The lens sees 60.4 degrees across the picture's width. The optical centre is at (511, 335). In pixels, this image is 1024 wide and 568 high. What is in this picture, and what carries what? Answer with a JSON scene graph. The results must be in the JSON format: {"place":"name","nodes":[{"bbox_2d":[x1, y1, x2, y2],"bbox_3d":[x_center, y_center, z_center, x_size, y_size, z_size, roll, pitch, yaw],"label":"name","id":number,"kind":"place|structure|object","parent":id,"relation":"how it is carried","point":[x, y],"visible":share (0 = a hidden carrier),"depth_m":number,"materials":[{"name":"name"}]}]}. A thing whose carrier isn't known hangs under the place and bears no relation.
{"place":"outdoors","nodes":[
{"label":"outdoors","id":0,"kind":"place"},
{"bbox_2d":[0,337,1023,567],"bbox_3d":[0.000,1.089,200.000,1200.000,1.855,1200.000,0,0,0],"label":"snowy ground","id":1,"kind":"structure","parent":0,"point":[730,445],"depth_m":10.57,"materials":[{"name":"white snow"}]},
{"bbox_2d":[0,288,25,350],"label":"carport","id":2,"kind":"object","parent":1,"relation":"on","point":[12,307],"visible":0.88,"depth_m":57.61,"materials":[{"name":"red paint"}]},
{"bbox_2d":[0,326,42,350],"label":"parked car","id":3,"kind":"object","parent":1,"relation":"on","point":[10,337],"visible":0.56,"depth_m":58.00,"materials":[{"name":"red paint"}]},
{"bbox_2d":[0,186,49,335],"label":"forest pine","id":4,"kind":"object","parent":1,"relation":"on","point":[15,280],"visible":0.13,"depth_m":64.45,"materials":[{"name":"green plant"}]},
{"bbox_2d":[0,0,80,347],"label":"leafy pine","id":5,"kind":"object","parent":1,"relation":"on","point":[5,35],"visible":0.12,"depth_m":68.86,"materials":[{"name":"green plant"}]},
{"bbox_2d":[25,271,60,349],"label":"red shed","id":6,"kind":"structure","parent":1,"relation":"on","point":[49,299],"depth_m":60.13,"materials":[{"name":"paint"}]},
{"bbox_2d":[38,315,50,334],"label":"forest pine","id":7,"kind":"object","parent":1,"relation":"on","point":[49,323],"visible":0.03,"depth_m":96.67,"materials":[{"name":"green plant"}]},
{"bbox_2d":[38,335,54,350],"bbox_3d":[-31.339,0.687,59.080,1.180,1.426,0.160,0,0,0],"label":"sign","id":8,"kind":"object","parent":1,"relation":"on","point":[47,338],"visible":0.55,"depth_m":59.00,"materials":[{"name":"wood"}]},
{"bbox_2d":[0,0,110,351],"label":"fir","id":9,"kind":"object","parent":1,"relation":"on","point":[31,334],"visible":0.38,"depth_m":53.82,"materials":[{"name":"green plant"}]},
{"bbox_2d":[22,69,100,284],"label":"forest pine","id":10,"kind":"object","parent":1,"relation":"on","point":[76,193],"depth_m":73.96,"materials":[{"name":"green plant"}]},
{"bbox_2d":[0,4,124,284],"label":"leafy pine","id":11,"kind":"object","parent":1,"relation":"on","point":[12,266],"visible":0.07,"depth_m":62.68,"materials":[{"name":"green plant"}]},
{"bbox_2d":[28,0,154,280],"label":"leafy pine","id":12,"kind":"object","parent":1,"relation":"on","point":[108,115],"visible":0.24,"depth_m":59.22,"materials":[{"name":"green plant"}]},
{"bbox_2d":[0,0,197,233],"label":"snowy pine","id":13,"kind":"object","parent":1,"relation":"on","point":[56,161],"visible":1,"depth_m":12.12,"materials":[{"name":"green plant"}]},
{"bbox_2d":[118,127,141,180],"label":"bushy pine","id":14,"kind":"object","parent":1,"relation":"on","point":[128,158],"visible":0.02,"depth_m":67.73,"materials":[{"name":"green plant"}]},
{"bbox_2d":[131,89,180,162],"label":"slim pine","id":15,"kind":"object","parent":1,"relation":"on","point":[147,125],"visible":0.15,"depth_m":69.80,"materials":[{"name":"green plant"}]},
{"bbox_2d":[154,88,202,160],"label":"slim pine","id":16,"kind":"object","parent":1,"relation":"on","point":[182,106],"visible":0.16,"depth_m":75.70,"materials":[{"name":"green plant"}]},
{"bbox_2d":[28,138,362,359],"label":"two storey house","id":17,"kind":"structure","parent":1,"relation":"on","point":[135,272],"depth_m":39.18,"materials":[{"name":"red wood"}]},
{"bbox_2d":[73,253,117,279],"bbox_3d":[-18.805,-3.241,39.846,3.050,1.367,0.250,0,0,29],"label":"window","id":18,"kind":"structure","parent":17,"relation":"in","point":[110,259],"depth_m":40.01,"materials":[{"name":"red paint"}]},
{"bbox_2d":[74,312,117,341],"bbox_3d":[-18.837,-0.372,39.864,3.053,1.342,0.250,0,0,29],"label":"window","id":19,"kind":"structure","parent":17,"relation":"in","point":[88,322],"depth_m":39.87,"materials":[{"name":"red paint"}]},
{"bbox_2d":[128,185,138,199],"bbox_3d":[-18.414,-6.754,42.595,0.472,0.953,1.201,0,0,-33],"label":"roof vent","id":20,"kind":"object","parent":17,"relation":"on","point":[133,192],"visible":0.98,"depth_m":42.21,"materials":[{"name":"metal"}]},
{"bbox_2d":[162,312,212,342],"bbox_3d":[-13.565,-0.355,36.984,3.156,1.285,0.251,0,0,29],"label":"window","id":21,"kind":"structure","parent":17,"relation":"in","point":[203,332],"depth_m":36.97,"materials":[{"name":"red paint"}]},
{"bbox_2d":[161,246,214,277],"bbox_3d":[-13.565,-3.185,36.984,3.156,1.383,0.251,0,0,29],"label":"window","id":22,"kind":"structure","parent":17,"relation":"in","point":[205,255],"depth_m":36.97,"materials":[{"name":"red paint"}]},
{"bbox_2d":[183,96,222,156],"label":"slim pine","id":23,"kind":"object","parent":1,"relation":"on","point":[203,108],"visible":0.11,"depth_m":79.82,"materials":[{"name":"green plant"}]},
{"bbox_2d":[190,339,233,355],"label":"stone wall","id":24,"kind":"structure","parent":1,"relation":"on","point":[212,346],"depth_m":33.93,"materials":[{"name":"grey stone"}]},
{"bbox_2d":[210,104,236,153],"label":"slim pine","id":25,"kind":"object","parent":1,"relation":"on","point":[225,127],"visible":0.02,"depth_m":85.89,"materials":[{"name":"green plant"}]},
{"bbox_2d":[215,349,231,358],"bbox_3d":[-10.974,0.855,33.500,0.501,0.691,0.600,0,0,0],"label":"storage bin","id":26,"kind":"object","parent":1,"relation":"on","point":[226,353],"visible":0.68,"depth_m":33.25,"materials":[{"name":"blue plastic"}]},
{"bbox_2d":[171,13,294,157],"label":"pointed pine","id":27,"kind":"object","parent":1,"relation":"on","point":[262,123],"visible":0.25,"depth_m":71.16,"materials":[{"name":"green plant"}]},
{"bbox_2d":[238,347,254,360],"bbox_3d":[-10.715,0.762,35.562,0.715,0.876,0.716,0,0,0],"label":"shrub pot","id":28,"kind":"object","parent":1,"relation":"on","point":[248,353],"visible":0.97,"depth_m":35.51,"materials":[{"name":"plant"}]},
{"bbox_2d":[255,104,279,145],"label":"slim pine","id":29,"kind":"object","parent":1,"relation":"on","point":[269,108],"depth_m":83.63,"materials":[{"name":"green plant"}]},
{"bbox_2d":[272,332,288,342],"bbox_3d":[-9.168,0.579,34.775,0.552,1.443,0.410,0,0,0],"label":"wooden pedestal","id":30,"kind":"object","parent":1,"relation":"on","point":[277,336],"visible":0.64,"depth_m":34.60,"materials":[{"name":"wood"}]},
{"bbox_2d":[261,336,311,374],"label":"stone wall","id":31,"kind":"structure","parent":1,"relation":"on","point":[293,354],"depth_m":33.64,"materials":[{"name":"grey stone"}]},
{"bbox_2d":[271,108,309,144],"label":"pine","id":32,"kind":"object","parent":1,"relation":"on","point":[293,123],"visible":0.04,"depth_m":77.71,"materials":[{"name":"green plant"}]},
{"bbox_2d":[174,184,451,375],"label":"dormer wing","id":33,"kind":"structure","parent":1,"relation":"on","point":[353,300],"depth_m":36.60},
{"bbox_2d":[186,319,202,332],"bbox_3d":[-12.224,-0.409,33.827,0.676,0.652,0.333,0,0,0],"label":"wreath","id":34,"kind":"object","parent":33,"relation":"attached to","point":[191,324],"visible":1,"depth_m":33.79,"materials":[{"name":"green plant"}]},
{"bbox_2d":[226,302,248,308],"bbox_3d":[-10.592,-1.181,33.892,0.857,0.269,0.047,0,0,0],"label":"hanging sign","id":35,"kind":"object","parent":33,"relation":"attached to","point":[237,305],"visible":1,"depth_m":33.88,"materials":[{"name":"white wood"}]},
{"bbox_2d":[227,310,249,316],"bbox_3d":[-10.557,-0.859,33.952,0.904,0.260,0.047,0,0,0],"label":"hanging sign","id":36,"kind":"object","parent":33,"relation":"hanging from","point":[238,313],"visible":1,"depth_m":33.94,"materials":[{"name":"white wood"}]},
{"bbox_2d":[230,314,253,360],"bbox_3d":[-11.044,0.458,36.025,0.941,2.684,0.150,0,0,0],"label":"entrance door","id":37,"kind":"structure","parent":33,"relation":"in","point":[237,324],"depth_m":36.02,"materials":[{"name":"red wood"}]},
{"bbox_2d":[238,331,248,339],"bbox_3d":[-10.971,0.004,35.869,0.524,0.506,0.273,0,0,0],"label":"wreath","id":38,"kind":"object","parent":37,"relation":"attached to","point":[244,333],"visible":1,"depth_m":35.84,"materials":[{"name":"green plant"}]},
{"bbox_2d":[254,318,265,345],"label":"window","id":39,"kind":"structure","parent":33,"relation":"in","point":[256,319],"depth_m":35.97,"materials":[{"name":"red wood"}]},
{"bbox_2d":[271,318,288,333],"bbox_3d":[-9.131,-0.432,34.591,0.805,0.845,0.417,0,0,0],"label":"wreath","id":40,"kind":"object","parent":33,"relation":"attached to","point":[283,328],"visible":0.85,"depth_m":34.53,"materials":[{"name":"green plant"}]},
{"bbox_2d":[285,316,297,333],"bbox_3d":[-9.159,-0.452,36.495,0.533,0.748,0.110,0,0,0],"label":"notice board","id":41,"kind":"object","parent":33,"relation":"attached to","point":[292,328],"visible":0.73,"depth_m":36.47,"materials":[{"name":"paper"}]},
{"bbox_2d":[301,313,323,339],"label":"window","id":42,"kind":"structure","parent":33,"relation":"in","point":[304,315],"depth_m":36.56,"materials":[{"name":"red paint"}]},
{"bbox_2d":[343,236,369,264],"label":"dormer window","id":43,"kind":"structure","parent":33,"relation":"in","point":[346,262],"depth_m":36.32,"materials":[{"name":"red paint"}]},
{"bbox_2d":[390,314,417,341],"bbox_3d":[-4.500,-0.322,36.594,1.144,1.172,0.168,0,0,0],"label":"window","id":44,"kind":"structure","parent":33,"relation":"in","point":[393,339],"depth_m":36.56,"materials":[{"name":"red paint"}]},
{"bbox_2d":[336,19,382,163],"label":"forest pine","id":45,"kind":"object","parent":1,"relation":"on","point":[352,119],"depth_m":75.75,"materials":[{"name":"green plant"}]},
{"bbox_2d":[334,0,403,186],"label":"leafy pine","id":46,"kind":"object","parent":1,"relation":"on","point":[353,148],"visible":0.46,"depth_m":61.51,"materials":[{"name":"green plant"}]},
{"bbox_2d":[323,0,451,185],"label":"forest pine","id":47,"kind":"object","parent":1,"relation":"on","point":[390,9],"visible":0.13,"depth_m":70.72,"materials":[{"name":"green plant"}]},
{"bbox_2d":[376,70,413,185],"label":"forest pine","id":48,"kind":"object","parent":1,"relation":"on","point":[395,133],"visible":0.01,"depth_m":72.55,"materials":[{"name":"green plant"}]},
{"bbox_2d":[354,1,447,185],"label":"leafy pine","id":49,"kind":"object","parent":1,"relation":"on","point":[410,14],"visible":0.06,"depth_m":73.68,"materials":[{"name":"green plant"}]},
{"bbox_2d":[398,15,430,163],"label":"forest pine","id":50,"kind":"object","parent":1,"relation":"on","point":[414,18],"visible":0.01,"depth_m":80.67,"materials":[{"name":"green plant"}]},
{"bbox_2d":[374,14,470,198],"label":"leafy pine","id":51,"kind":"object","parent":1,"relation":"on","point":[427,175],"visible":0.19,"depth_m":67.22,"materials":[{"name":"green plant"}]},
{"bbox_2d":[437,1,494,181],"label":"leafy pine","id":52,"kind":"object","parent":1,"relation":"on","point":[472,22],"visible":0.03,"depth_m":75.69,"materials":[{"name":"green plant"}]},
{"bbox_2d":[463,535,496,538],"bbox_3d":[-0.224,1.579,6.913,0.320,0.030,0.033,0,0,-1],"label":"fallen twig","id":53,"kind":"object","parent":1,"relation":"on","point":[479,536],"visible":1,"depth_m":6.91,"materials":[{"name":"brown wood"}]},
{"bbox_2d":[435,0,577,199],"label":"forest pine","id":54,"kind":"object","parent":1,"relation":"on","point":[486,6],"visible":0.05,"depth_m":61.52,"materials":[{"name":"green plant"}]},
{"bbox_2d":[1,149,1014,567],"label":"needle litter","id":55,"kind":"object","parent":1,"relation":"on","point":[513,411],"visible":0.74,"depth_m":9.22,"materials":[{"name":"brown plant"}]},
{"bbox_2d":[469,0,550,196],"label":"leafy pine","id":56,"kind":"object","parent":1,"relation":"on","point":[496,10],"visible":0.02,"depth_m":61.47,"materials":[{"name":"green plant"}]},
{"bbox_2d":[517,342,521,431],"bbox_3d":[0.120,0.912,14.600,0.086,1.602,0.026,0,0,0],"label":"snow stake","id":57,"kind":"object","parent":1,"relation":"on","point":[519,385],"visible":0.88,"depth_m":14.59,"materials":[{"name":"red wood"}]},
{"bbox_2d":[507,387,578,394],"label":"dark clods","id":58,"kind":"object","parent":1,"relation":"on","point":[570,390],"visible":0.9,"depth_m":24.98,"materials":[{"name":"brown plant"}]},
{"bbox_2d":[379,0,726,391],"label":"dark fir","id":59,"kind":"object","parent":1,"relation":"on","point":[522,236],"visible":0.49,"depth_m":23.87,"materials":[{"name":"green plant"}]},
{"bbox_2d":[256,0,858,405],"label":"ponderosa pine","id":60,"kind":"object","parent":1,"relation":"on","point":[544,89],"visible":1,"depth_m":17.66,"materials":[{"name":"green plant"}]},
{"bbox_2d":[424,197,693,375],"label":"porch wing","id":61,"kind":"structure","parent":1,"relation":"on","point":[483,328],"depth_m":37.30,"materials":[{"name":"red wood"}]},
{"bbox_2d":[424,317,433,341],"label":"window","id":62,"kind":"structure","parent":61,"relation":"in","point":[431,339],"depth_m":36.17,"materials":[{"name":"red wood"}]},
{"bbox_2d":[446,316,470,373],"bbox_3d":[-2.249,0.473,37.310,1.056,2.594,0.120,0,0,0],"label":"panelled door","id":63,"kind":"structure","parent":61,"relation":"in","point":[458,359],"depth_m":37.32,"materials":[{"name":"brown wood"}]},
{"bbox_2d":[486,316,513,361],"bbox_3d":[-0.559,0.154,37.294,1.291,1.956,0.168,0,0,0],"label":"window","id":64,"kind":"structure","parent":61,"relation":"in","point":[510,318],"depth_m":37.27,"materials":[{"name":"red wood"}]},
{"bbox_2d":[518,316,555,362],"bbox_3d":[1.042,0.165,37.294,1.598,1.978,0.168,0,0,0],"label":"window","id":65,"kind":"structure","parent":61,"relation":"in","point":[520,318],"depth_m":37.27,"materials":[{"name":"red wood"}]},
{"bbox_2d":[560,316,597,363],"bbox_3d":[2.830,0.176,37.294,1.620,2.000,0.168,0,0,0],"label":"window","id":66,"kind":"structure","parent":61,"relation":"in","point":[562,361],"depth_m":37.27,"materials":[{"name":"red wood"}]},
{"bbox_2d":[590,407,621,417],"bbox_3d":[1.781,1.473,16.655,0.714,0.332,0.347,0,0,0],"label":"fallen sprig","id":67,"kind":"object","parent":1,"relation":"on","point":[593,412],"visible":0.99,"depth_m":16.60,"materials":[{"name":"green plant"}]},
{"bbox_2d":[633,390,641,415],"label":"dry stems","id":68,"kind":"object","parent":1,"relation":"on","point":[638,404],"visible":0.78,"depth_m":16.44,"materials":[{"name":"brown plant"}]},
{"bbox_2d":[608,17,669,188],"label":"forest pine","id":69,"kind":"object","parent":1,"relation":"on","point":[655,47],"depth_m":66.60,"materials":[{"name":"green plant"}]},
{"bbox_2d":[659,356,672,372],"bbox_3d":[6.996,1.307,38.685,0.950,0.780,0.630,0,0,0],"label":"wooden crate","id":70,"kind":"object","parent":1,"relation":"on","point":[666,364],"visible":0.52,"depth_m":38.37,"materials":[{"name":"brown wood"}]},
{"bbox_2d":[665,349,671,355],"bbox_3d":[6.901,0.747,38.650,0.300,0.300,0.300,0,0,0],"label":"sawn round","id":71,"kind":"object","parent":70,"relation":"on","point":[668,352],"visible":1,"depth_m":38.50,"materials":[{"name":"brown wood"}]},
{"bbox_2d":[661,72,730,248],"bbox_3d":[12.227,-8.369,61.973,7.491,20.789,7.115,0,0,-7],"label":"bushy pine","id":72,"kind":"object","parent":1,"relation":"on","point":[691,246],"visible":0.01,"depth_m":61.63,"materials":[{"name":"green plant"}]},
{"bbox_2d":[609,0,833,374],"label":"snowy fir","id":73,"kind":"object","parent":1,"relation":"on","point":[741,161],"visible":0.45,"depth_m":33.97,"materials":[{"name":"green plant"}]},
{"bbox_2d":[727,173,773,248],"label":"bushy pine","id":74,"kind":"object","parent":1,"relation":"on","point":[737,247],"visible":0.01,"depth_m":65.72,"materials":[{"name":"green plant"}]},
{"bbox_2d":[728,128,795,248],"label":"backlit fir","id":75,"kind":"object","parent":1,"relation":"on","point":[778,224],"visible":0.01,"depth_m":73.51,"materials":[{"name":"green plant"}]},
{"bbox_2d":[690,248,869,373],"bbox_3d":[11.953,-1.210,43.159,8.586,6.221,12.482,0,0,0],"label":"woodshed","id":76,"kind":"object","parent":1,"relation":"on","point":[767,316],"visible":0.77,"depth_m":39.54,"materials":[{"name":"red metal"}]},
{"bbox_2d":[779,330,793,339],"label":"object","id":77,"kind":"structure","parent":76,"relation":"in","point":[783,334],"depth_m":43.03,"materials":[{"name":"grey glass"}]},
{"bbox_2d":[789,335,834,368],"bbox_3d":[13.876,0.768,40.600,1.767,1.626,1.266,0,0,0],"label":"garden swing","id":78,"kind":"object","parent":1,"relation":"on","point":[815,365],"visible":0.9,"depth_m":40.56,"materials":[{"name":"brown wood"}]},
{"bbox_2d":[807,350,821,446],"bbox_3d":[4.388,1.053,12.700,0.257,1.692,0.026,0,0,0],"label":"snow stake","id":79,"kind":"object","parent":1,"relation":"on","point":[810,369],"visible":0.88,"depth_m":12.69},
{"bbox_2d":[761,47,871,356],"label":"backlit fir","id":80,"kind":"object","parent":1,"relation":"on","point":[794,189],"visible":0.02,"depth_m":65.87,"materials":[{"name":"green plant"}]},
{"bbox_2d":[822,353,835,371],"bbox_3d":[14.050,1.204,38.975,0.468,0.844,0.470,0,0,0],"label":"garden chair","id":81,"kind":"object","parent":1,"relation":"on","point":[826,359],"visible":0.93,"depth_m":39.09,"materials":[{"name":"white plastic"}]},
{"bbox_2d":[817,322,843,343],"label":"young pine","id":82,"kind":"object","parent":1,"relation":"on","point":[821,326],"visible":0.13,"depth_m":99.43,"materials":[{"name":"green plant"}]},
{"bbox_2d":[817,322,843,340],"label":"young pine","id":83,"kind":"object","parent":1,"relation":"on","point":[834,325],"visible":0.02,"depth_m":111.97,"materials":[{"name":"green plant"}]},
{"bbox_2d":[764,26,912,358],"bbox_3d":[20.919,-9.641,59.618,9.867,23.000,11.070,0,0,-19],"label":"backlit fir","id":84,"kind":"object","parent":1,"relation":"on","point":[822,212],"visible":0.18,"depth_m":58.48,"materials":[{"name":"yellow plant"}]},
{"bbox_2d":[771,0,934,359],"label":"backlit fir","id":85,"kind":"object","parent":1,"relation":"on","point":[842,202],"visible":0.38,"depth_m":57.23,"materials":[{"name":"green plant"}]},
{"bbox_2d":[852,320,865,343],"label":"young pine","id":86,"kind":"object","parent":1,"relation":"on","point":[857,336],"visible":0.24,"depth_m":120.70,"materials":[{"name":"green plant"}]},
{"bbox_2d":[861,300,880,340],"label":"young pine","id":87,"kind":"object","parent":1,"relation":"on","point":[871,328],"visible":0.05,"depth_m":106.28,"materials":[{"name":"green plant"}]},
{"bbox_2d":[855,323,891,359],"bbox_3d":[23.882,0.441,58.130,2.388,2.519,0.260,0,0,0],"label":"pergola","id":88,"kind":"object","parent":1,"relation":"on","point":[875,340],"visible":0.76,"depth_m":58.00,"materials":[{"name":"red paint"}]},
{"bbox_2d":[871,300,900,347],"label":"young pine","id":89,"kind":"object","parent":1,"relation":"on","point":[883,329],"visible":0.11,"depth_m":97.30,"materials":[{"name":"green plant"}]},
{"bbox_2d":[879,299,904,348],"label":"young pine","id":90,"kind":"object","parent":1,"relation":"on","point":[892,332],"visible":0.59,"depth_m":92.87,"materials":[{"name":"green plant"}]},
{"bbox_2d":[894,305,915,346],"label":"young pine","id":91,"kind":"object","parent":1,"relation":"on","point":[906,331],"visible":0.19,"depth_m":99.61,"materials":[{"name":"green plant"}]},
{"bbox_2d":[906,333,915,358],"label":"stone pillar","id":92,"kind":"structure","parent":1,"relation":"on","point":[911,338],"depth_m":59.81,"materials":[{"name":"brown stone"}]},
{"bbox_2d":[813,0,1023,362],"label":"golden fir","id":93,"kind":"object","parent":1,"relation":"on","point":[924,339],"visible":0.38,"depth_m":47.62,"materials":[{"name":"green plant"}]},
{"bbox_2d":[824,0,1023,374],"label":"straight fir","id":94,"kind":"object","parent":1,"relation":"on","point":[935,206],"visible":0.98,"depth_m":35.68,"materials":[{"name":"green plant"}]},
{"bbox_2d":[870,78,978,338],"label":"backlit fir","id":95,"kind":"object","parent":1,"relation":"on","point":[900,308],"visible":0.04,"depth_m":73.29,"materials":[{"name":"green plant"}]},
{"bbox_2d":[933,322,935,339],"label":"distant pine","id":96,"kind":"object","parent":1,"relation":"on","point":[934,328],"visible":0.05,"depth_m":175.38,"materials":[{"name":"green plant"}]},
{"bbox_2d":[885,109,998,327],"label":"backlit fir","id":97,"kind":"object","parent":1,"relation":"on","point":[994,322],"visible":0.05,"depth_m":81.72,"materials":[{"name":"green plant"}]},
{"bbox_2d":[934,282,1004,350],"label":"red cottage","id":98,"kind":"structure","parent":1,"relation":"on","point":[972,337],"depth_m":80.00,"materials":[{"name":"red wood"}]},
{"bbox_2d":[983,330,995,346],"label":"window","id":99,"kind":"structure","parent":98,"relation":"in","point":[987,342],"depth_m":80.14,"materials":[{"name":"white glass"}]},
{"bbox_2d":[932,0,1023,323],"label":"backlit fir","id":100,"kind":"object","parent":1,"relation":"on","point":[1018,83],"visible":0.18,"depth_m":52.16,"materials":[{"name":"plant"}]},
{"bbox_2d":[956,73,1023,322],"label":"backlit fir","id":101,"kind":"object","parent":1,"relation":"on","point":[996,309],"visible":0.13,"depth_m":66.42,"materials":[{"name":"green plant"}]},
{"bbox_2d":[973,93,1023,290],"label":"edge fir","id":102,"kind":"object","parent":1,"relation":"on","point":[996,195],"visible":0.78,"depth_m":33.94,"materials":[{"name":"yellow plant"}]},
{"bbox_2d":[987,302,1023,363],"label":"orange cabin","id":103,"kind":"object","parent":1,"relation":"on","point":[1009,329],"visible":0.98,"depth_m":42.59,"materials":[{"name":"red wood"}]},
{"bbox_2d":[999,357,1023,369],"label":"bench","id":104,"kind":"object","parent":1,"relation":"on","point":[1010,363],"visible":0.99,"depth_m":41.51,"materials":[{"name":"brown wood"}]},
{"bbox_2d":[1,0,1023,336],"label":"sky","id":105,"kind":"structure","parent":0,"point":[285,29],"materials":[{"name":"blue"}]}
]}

—————

#### Problem statement:
Among the lines of the material, find those that hold the word "dormer" and copy them.

#### Answer to this task:
{"bbox_2d":[174,184,451,375],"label":"dormer wing","id":33,"kind":"structure","parent":1,"relation":"on","point":[353,300],"depth_m":36.60},
{"bbox_2d":[343,236,369,264],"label":"dormer window","id":43,"kind":"structure","parent":33,"relation":"in","point":[346,262],"depth_m":36.32,"materials":[{"name":"red paint"}]},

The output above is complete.